- [What to do]:
Retype, please, the listing from its opening line through the line that contains "#63 = EDGE_CURVE", both included, without the pictures.
[Source data — start]
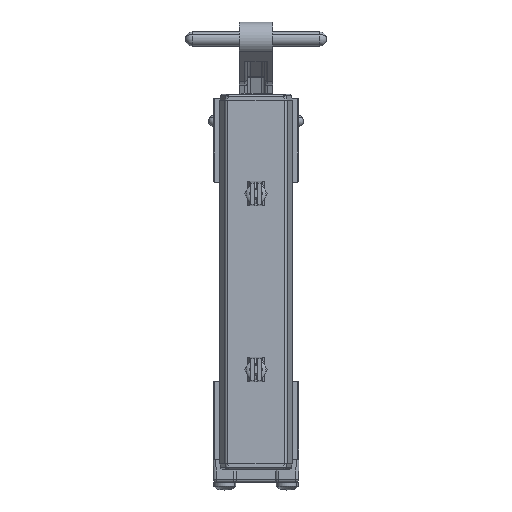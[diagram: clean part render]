
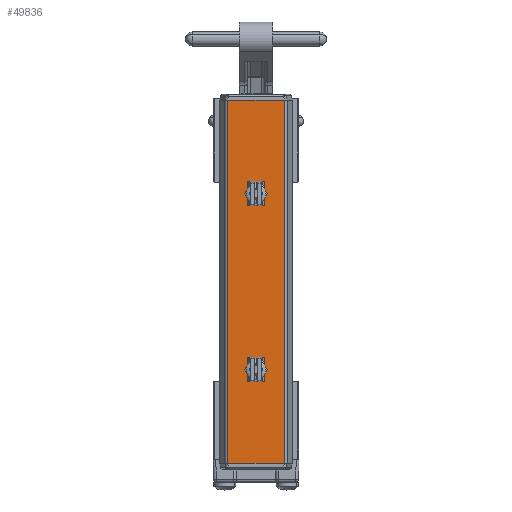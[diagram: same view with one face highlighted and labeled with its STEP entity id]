
A CAD part, front view. The second image highlights one B-rep face of the part: STEP entity #49836.
In plain terms, the highlighted planar face has unit normal (0, -1, 0).
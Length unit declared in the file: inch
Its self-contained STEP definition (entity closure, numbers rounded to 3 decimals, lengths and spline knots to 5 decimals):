
#63 = EDGE_CURVE ( 'NONE', #28375, #19978, #6856, .T. ) ;
#306 = VERTEX_POINT ( 'NONE', #4397 ) ;
#1981 = DIRECTION ( 'NONE',  ( 1., 0., 0. ) ) ;
#2033 = ORIENTED_EDGE ( 'NONE', *, *, #47429, .T. ) ;
#3089 = CARTESIAN_POINT ( 'NONE',  ( -0.62546, 0., -4. ) ) ;
#3824 = CARTESIAN_POINT ( 'NONE',  ( 0.62546, 0., -4. ) ) ;
#4397 = CARTESIAN_POINT ( 'NONE',  ( 0.13, 0., 1.9375 ) ) ;
#4510 = DIRECTION ( 'NONE',  ( -1., 0., 0. ) ) ;
#5494 = DIRECTION ( 'NONE',  ( -1., 0., 0. ) ) ;
#6577 = PLANE ( 'NONE',  #6851 ) ;
#6851 = AXIS2_PLACEMENT_3D ( 'NONE', #25317, #44003, #1981 ) ;
#6856 = LINE ( 'NONE', #25606, #34638 ) ;
#7786 = CIRCLE ( 'NONE', #42084, 0.13 ) ;
#11561 = EDGE_CURVE ( 'NONE', #51667, #21443, #38022, .T. ) ;
#12425 = VERTEX_POINT ( 'NONE', #43365 ) ;
#14694 = DIRECTION ( 'NONE',  ( 0., 0., 1. ) ) ;
#14793 = DIRECTION ( 'NONE',  ( 0., 1., 0. ) ) ;
#15078 = CARTESIAN_POINT ( 'NONE',  ( -0.62546, 0., 4. ) ) ;
#16093 = AXIS2_PLACEMENT_3D ( 'NONE', #27843, #46533, #4510 ) ;
#16245 = CARTESIAN_POINT ( 'NONE',  ( 0., 0., 1.9375 ) ) ;
#16325 = VERTEX_POINT ( 'NONE', #56671 ) ;
#17659 = EDGE_CURVE ( 'NONE', #16325, #12425, #47650, .T. ) ;
#18154 = AXIS2_PLACEMENT_3D ( 'NONE', #16245, #34975, #53641 ) ;
#19930 = EDGE_LOOP ( 'NONE', ( #51163, #34848, #38096, #38935 ) ) ;
#19978 = VERTEX_POINT ( 'NONE', #43524 ) ;
#21201 = AXIS2_PLACEMENT_3D ( 'NONE', #28829, #47521, #5494 ) ;
#21443 = VERTEX_POINT ( 'NONE', #41972 ) ;
#21815 = DIRECTION ( 'NONE',  ( 1., 0., 0. ) ) ;
#25264 = EDGE_CURVE ( 'NONE', #306, #39213, #44594, .T. ) ;
#25317 = CARTESIAN_POINT ( 'NONE',  ( -0.62546, 0., -4. ) ) ;
#25439 = EDGE_LOOP ( 'NONE', ( #32498, #25967 ) ) ;
#25606 = CARTESIAN_POINT ( 'NONE',  ( -0.62546, 0., -4. ) ) ;
#25967 = ORIENTED_EDGE ( 'NONE', *, *, #25264, .T. ) ;
#27843 = CARTESIAN_POINT ( 'NONE',  ( 0., 0., 1.9375 ) ) ;
#28375 = VERTEX_POINT ( 'NONE', #39393 ) ;
#28829 = CARTESIAN_POINT ( 'NONE',  ( 0., 0., -1.9375 ) ) ;
#29659 = EDGE_CURVE ( 'NONE', #28375, #51667, #45112, .T. ) ;
#29928 = FACE_BOUND ( 'NONE', #25439, .T. ) ;
#32498 = ORIENTED_EDGE ( 'NONE', *, *, #58506, .T. ) ;
#33519 = DIRECTION ( 'NONE',  ( -1., 0., 0. ) ) ;
#33813 = DIRECTION ( 'NONE',  ( 1., 0., 0. ) ) ;
#34638 = VECTOR ( 'NONE', #44301, 39.37008 ) ;
#34848 = ORIENTED_EDGE ( 'NONE', *, *, #63, .F. ) ;
#34975 = DIRECTION ( 'NONE',  ( 0., 1., 0. ) ) ;
#37037 = CARTESIAN_POINT ( 'NONE',  ( -0.13, 0., 1.9375 ) ) ;
#38022 = LINE ( 'NONE', #56691, #47186 ) ;
#38096 = ORIENTED_EDGE ( 'NONE', *, *, #29659, .T. ) ;
#38935 = ORIENTED_EDGE ( 'NONE', *, *, #11561, .T. ) ;
#39213 = VERTEX_POINT ( 'NONE', #37037 ) ;
#39393 = CARTESIAN_POINT ( 'NONE',  ( -0.62546, 0., -4. ) ) ;
#40641 = EDGE_LOOP ( 'NONE', ( #2033, #51721 ) ) ;
#41972 = CARTESIAN_POINT ( 'NONE',  ( 0.62546, 0., 4. ) ) ;
#42084 = AXIS2_PLACEMENT_3D ( 'NONE', #56792, #14793, #33519 ) ;
#42533 = CIRCLE ( 'NONE', #16093, 0.13 ) ;
#43365 = CARTESIAN_POINT ( 'NONE',  ( -0.13, 0., -1.9375 ) ) ;
#43524 = CARTESIAN_POINT ( 'NONE',  ( -0.62546, 0., 4. ) ) ;
#44003 = DIRECTION ( 'NONE',  ( 0., -1., 0. ) ) ;
#44301 = DIRECTION ( 'NONE',  ( 0., 0., 1. ) ) ;
#44594 = CIRCLE ( 'NONE', #18154, 0.13 ) ;
#45112 = LINE ( 'NONE', #3089, #48766 ) ;
#46533 = DIRECTION ( 'NONE',  ( 0., 1., 0. ) ) ;
#47186 = VECTOR ( 'NONE', #14694, 39.37008 ) ;
#47429 = EDGE_CURVE ( 'NONE', #12425, #16325, #7786, .T. ) ;
#47521 = DIRECTION ( 'NONE',  ( 0., 1., 0. ) ) ;
#47650 = CIRCLE ( 'NONE', #21201, 0.13 ) ;
#48612 = FACE_OUTER_BOUND ( 'NONE', #19930, .T. ) ;
#48766 = VECTOR ( 'NONE', #21815, 39.37008 ) ;
#49836 = ADVANCED_FACE ( 'NONE', ( #57797, #29928, #48612 ), #6577, .T. ) ;
#51163 = ORIENTED_EDGE ( 'NONE', *, *, #53580, .F. ) ;
#51667 = VERTEX_POINT ( 'NONE', #3824 ) ;
#51721 = ORIENTED_EDGE ( 'NONE', *, *, #17659, .T. ) ;
#53580 = EDGE_CURVE ( 'NONE', #19978, #21443, #57080, .T. ) ;
#53641 = DIRECTION ( 'NONE',  ( -1., 0., 0. ) ) ;
#54406 = VECTOR ( 'NONE', #33813, 39.37008 ) ;
#56671 = CARTESIAN_POINT ( 'NONE',  ( 0.13, 0., -1.9375 ) ) ;
#56691 = CARTESIAN_POINT ( 'NONE',  ( 0.62546, 0., -4. ) ) ;
#56792 = CARTESIAN_POINT ( 'NONE',  ( 0., 0., -1.9375 ) ) ;
#57080 = LINE ( 'NONE', #15078, #54406 ) ;
#57797 = FACE_BOUND ( 'NONE', #40641, .T. ) ;
#58506 = EDGE_CURVE ( 'NONE', #39213, #306, #42533, .T. ) ;
[Source data — finish]
- [Solved exercise]:
[diagram: clean part render]
[diagram: same view with one face highlighted and labeled with its STEP entity id]
A CAD part, front view. The second image highlights one B-rep face of the part: STEP entity #49836.
In plain terms, the highlighted planar face has unit normal (0, -1, 0).
Length unit declared in the file: inch
Its self-contained STEP definition (entity closure, numbers rounded to 3 decimals, lengths and spline knots to 5 decimals):
#63 = EDGE_CURVE ( 'NONE', #28375, #19978, #6856, .T. ) ;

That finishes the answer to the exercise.